My lawn is split into three roughly equal parts (front, side, and back) at 6k sqft each so I sent in independent samples and looks like I have my hands full based on the results. For reference, the front and side are mostly bermuda while the back is zoysia. I read @g-man's Soil Remediation Guide and want to make sure I am understanding everything correctly before I try to grab some products at my local Site One and Ewing.

*Low pH* and should address with calcitic lime since I already have high Magnesium levels. With an average of about 5.0 pH across all three plots, I plan on 10lbs/sqft/month. Any limitations on when to apply lime (i.e. not when dormant)?

*Nitrogen (N). * Should I go with ammonium sulfate since I have acidic soil and low sulfur levels or try more of a balanced fertilizer? Do I need to avoid fertilizers with iron since those levels are already high?

*Low phosphorous (P)* in front and side yard. Should I try to find some diammonium phosphate (DAP)?

*Extremely low potassium (K)* and apply SOP (0-0-50) at 2 lb/sqft/month. Is that two pounds of AI or two pounds of product?
https://store.ewingirrigation.com/51700200-0-0-50-sulfate-of-potash-fertilizer

I think my focus should be on pH and the macros, not micros. Definitely open to recommendations since this is my first soil test and still have my training wheels when it comes to lawn care.


----------



## g-man (Jun 15, 2017)

It think you got it pretty close. I glad to see that the guides can help someone get close.

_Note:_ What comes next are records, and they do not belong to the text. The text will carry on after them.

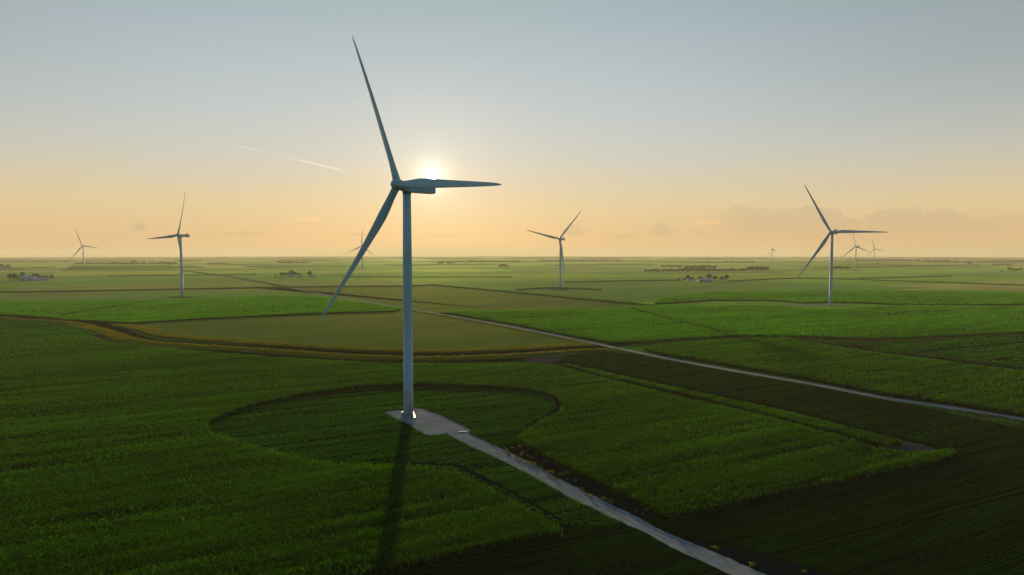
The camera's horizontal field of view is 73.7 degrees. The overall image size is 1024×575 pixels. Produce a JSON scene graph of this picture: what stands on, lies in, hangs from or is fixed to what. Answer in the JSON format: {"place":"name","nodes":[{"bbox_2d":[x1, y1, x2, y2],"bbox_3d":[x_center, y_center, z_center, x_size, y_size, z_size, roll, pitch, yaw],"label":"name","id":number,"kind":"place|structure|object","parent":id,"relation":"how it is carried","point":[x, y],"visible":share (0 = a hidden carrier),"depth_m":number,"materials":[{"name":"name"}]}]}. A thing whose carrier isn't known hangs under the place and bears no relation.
{"place":"outdoors","nodes":[
{"label":"outdoors","id":0,"kind":"place"},
{"bbox_2d":[0,321,98,335],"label":"dim field","id":1,"kind":"structure","parent":0,"point":[45,329],"depth_m":626.69,"materials":[{"name":"green plant"}]},
{"bbox_2d":[0,320,109,334],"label":"soybeans","id":2,"kind":"object","parent":1,"relation":"on","point":[40,328],"visible":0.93,"depth_m":627.78,"materials":[{"name":"green plant"}]},
{"bbox_2d":[93,335,119,341],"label":"bare soil","id":3,"kind":"structure","parent":0,"point":[103,337],"depth_m":567.50,"materials":[{"name":"brown soil"}]},
{"bbox_2d":[134,312,592,351],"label":"olive field","id":4,"kind":"structure","parent":0,"point":[379,330],"depth_m":610.67,"materials":[{"name":"green plant"}]},
{"bbox_2d":[218,399,561,428],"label":"bare soil","id":5,"kind":"structure","parent":0,"point":[558,405],"depth_m":300.15,"materials":[{"name":"brown soil"}]},
{"bbox_2d":[259,285,638,311],"bbox_3d":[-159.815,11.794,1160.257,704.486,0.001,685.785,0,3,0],"label":"olive field","id":6,"kind":"structure","parent":0,"point":[437,298],"depth_m":1056.12,"materials":[{"name":"green plant"}]},
{"bbox_2d":[381,463,562,522],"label":"bare soil","id":7,"kind":"structure","parent":0,"point":[479,477],"depth_m":213.70,"materials":[{"name":"brown soil"}]},
{"bbox_2d":[384,527,569,574],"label":"bare soil","id":8,"kind":"structure","parent":0,"point":[564,532],"depth_m":169.95,"materials":[{"name":"brown soil"}]},
{"bbox_2d":[0,256,1023,428],"bbox_3d":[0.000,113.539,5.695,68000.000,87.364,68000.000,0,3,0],"label":"ground","id":9,"kind":"structure","parent":0,"point":[532,274],"depth_m":1895.71,"materials":[{"name":"green plant"}]},
{"bbox_2d":[9,273,18,280],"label":"tree","id":10,"kind":"object","parent":9,"relation":"on","point":[14,276],"visible":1,"depth_m":1750.82,"materials":[{"name":"green plant"}]},
{"bbox_2d":[19,276,37,280],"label":"barn","id":11,"kind":"structure","parent":9,"relation":"on","point":[27,278],"depth_m":1740.76,"materials":[{"name":"paint"}]},
{"bbox_2d":[72,229,94,269],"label":"wind turbine","id":12,"kind":"object","parent":9,"relation":"on","point":[83,246],"visible":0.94,"depth_m":2820.34,"materials":[{"name":"paint"}]},
{"bbox_2d":[65,323,130,339],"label":"bank grass","id":13,"kind":"structure","parent":9,"relation":"on","point":[110,335],"depth_m":602.87,"materials":[{"name":"green plant"}]},
{"bbox_2d":[0,295,400,323],"bbox_3d":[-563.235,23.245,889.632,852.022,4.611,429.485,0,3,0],"label":"cornfield","id":14,"kind":"structure","parent":9,"relation":"on","point":[131,311],"depth_m":837.02,"materials":[{"name":"green plant"}]},
{"bbox_2d":[4,318,607,358],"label":"bank grass","id":15,"kind":"structure","parent":9,"relation":"on","point":[339,354],"depth_m":487.02,"materials":[{"name":"green plant"}]},
{"bbox_2d":[104,337,522,360],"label":"bank grass","id":16,"kind":"structure","parent":9,"relation":"on","point":[127,340],"depth_m":467.12,"materials":[{"name":"green plant"}]},
{"bbox_2d":[113,324,590,353],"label":"bank grass","id":17,"kind":"structure","parent":9,"relation":"on","point":[153,331],"depth_m":509.62,"materials":[{"name":"green plant"}]},
{"bbox_2d":[350,240,372,268],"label":"wind turbine","id":18,"kind":"object","parent":9,"relation":"on","point":[362,257],"visible":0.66,"depth_m":3055.21,"materials":[{"name":"paint"}]},
{"bbox_2d":[413,311,591,344],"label":"verge grass","id":19,"kind":"structure","parent":9,"relation":"on","point":[507,327],"depth_m":633.05,"materials":[{"name":"green plant"}]},
{"bbox_2d":[0,315,1017,356],"bbox_3d":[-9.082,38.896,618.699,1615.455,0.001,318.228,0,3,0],"label":"creek","id":20,"kind":"structure","parent":9,"relation":"in","point":[117,329],"depth_m":506.55,"materials":[{"name":"black liquid"}]},
{"bbox_2d":[0,257,1023,305],"bbox_3d":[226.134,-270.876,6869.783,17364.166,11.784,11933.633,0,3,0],"label":"distant corn","id":21,"kind":"object","parent":9,"relation":"on","point":[270,265],"visible":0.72,"depth_m":3254.77,"materials":[{"name":"green plant"}]},
{"bbox_2d":[0,256,1023,263],"bbox_3d":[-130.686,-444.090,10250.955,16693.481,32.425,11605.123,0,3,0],"label":"distant woods","id":22,"kind":"object","parent":9,"relation":"on","point":[936,260],"visible":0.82,"depth_m":7542.73,"materials":[{"name":"green plant"}]},
{"bbox_2d":[527,210,581,288],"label":"wind turbine","id":23,"kind":"object","parent":9,"relation":"on","point":[560,244],"visible":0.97,"depth_m":1320.26,"materials":[{"name":"paint"}]},
{"bbox_2d":[697,279,712,280],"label":"barn","id":24,"kind":"structure","parent":9,"relation":"on","point":[704,279],"depth_m":1697.39,"materials":[{"name":"paint"}]},
{"bbox_2d":[441,304,1023,343],"bbox_3d":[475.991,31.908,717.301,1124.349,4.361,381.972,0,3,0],"label":"cornfield","id":25,"kind":"structure","parent":9,"relation":"on","point":[636,324],"depth_m":682.41,"materials":[{"name":"green plant"}]},
{"bbox_2d":[629,333,1023,344],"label":"bank grass","id":26,"kind":"structure","parent":9,"relation":"on","point":[937,338],"depth_m":550.15,"materials":[{"name":"green plant"}]},
{"bbox_2d":[643,337,1023,417],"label":"cornfield","id":27,"kind":"structure","parent":9,"relation":"on","point":[985,388],"depth_m":398.88,"materials":[{"name":"green plant"}]},
{"bbox_2d":[654,289,1023,304],"bbox_3d":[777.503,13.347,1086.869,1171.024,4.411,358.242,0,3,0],"label":"cornfield","id":28,"kind":"structure","parent":9,"relation":"on","point":[914,297],"depth_m":1050.16,"materials":[{"name":"green plant"}]},
{"bbox_2d":[797,184,883,304],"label":"wind turbine","id":29,"kind":"object","parent":9,"relation":"on","point":[832,233],"visible":1,"depth_m":923.87,"materials":[{"name":"paint"}]},
{"bbox_2d":[840,229,867,271],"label":"wind turbine","id":30,"kind":"object","parent":9,"relation":"on","point":[855,251],"visible":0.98,"depth_m":2581.85,"materials":[{"name":"paint"}]},
{"bbox_2d":[868,241,886,263],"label":"wind turbine","id":31,"kind":"object","parent":9,"relation":"on","point":[874,252],"visible":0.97,"depth_m":4350.61,"materials":[{"name":"paint"}]},
{"bbox_2d":[791,337,1023,366],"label":"bank grass","id":32,"kind":"structure","parent":9,"relation":"on","point":[898,351],"depth_m":474.48,"materials":[{"name":"green plant"}]},
{"bbox_2d":[794,339,1023,369],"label":"ditch","id":33,"kind":"object","parent":9,"relation":"in","point":[918,355],"visible":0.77,"depth_m":462.53,"materials":[{"name":"green plant"}]},
{"bbox_2d":[0,0,1023,256],"label":"sky","id":34,"kind":"structure","parent":0,"point":[673,127],"materials":[{"name":"blue"}]},
{"bbox_2d":[521,356,564,362],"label":"bare soil","id":35,"kind":"structure","parent":0,"point":[545,359],"depth_m":449.98,"materials":[{"name":"brown soil"}]},
{"bbox_2d":[102,339,1023,574],"bbox_3d":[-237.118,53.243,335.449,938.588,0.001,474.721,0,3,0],"label":"ground","id":36,"kind":"structure","parent":0,"point":[650,517],"depth_m":194.25,"materials":[{"name":"green plant"}]},
{"bbox_2d":[319,36,500,417],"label":"wind turbine","id":37,"kind":"object","parent":36,"relation":"on","point":[407,188],"visible":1,"depth_m":292.34,"materials":[{"name":"paint"}]},
{"bbox_2d":[209,385,621,525],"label":"soybeans","id":38,"kind":"object","parent":36,"relation":"on","point":[441,391],"visible":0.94,"depth_m":271.02,"materials":[{"name":"green plant"}]},
{"bbox_2d":[385,408,470,435],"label":"gravel pad","id":39,"kind":"object","parent":36,"relation":"on","point":[424,421],"visible":0.96,"depth_m":282.07,"materials":[{"name":"grey gravel"}]},
{"bbox_2d":[0,333,954,574],"bbox_3d":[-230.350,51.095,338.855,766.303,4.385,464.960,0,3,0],"label":"cornfield","id":40,"kind":"structure","parent":36,"relation":"on","point":[118,458],"depth_m":218.11,"materials":[{"name":"green plant"}]},
{"bbox_2d":[380,522,726,574],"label":"soybeans","id":41,"kind":"object","parent":36,"relation":"on","point":[589,559],"visible":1,"depth_m":156.47,"materials":[{"name":"green plant"}]},
{"bbox_2d":[564,363,901,447],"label":"cornfield","id":42,"kind":"structure","parent":36,"relation":"on","point":[866,436],"depth_m":295.23,"materials":[{"name":"green plant"}]},
{"bbox_2d":[560,349,1019,447],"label":"soybeans","id":43,"kind":"object","parent":36,"relation":"on","point":[903,413],"visible":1,"depth_m":322.69,"materials":[{"name":"green plant"}]},
{"bbox_2d":[615,348,1023,421],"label":"verge grass","id":44,"kind":"structure","parent":36,"relation":"on","point":[913,404],"depth_m":344.20,"materials":[{"name":"green plant"}]},
{"bbox_2d":[654,423,1023,574],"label":"soybeans","id":45,"kind":"object","parent":36,"relation":"on","point":[994,434],"visible":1,"depth_m":178.60,"materials":[{"name":"green plant"}]},
{"bbox_2d":[930,447,956,462],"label":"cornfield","id":46,"kind":"structure","parent":36,"relation":"on","point":[952,449],"depth_m":234.44,"materials":[{"name":"green plant"}]},
{"bbox_2d":[505,433,652,519],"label":"bare soil","id":47,"kind":"structure","parent":0,"point":[624,504],"depth_m":207.66,"materials":[{"name":"brown soil"}]},
{"bbox_2d":[175,268,1023,421],"bbox_3d":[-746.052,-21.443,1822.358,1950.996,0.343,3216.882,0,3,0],"label":"gravel road","id":48,"kind":"structure","parent":0,"point":[868,394],"depth_m":406.36,"materials":[{"name":"grey gravel"}]},
{"bbox_2d":[448,433,765,574],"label":"access road","id":49,"kind":"structure","parent":0,"point":[732,567],"depth_m":183.51,"materials":[{"name":"grey gravel"}]},
{"bbox_2d":[458,437,723,565],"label":"wheel rut","id":50,"kind":"structure","parent":49,"relation":"on","point":[601,506],"depth_m":187.46,"materials":[{"name":"grey gravel"}]},
{"bbox_2d":[462,436,728,563],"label":"wheel rut","id":51,"kind":"structure","parent":49,"relation":"on","point":[609,506],"depth_m":187.09,"materials":[{"name":"grey gravel"}]},
{"bbox_2d":[692,539,829,574],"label":"bare soil","id":52,"kind":"structure","parent":0,"point":[767,565],"depth_m":154.61,"materials":[{"name":"brown soil"}]},
{"bbox_2d":[672,456,960,518],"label":"bare soil","id":53,"kind":"structure","parent":0,"point":[954,458],"depth_m":212.20,"materials":[{"name":"brown soil"}]},
{"bbox_2d":[803,305,833,305],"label":"turbine pad","id":54,"kind":"object","parent":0,"point":[818,305],"visible":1,"depth_m":910.68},
{"bbox_2d":[653,301,1023,308],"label":"ring field","id":55,"kind":"structure","parent":0,"point":[800,305],"depth_m":932.45,"materials":[{"name":"green plant"}]},
{"bbox_2d":[878,441,936,451],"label":"bare soil","id":56,"kind":"structure","parent":0,"point":[906,446],"depth_m":246.15,"materials":[{"name":"soil"}]},
{"bbox_2d":[833,333,1023,365],"bbox_3d":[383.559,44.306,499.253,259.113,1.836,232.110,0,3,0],"label":"soybeans","id":57,"kind":"object","parent":0,"point":[971,354],"visible":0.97,"depth_m":507.94,"materials":[{"name":"green plant"}]},
{"label":"turbine pad","id":58,"kind":"structure","parent":0,"visible":0},
{"bbox_2d":[148,196,189,296],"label":"wind turbine","id":59,"kind":"object","parent":58,"relation":"on","point":[179,236],"visible":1,"depth_m":1093.97,"materials":[{"name":"paint"}]}
]}

I would use calcitic like you said. If it is fast acting, follow the bag instructions. Otherwise you can do 50lb/ksqft at once now and then keep going in 6 months. It is going to take a while to get to 140lb/ksqft, this is a marathon not a 100m sprint.

For P, DAP or TSP will work.

For K, SOP will be best since it also gets you sulfur. 2lb of SOP/ksqft (product not so).

For nitrogen urea will work.

Focus on the macros for now.


----------



## ellsbebc (May 5, 2019)

Appreciate the feedback, @g-man. Your guideline was definitely helpful and hopefully many other users can benefit from it as well.


----------